* Data for processing
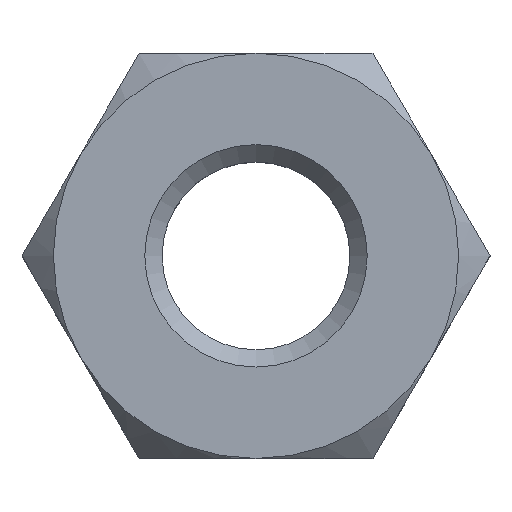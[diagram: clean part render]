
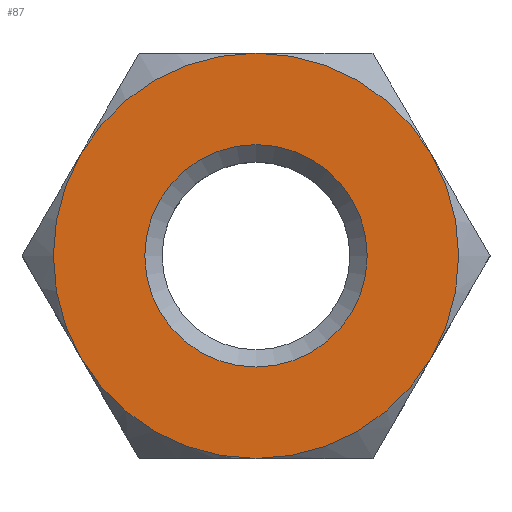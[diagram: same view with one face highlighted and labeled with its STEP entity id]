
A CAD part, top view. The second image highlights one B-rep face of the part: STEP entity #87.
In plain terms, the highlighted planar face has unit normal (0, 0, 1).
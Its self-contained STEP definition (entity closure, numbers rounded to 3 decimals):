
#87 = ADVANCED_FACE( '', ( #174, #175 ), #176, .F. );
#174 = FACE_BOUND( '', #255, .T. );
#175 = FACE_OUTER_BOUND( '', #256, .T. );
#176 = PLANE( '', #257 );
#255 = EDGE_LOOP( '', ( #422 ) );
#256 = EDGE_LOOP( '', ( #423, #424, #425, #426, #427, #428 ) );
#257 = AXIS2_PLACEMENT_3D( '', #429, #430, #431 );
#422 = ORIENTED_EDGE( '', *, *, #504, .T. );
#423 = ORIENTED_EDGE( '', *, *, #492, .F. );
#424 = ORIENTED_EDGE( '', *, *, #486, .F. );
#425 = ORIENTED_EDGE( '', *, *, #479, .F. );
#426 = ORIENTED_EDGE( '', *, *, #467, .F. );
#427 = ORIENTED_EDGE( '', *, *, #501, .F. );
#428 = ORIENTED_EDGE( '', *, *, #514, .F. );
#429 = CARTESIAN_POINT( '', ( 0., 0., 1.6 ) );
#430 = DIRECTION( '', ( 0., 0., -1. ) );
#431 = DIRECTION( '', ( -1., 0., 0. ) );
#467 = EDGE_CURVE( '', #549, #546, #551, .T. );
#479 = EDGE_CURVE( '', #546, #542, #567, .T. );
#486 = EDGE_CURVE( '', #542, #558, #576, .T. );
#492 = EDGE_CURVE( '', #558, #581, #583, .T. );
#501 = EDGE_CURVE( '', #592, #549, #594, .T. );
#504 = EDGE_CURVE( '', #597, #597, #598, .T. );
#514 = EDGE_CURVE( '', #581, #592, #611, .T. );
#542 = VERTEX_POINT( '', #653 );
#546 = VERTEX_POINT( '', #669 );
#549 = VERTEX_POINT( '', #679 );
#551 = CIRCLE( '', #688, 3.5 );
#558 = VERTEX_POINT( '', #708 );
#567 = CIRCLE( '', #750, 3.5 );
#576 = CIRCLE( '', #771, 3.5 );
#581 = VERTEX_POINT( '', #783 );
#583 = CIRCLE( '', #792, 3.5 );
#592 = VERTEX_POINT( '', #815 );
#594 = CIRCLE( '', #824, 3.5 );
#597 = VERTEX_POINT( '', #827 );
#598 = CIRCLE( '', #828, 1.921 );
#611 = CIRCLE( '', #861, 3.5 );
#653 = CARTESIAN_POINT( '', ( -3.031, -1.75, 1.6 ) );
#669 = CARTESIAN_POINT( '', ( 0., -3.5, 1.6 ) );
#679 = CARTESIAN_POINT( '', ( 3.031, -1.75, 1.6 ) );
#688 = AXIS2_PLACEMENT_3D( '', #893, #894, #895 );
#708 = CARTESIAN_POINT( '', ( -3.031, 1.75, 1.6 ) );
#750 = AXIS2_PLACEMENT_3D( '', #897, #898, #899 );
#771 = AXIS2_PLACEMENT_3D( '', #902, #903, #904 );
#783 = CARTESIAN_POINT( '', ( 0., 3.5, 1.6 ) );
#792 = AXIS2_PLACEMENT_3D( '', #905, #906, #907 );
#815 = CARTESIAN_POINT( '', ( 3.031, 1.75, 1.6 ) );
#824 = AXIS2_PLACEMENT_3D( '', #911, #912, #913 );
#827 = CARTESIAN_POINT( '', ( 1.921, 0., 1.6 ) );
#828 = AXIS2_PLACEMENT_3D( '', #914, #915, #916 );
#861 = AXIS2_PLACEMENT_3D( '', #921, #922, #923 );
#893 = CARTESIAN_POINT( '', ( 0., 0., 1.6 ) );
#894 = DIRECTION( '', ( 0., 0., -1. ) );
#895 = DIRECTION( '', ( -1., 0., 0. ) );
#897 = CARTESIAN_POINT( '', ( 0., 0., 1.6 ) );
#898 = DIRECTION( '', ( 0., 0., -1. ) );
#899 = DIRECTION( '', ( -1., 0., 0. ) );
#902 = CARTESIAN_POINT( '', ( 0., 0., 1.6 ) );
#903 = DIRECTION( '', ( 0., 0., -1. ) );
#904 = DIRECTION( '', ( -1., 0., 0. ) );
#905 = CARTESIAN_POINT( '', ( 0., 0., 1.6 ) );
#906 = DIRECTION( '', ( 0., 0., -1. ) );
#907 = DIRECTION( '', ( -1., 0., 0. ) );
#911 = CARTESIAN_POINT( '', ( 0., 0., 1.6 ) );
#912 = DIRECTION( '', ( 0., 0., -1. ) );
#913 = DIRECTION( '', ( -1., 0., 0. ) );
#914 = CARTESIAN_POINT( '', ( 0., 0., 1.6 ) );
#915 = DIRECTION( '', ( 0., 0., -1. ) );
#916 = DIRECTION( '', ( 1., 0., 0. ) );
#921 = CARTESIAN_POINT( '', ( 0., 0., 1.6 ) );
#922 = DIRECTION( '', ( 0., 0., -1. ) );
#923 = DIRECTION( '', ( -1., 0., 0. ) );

* Work request
Taking the entries above, write out exactly each line from the one holding "#824 = AXIS2_PLACEMENT_3D( '', #911, #912, #913" to the one holding "#894 = DIRECTION( '', ( 0., 0., -1. ) );", both included, and stop there.

* Output of the exercise
#824 = AXIS2_PLACEMENT_3D( '', #911, #912, #913 );
#827 = CARTESIAN_POINT( '', ( 1.921, 0., 1.6 ) );
#828 = AXIS2_PLACEMENT_3D( '', #914, #915, #916 );
#861 = AXIS2_PLACEMENT_3D( '', #921, #922, #923 );
#893 = CARTESIAN_POINT( '', ( 0., 0., 1.6 ) );
#894 = DIRECTION( '', ( 0., 0., -1. ) );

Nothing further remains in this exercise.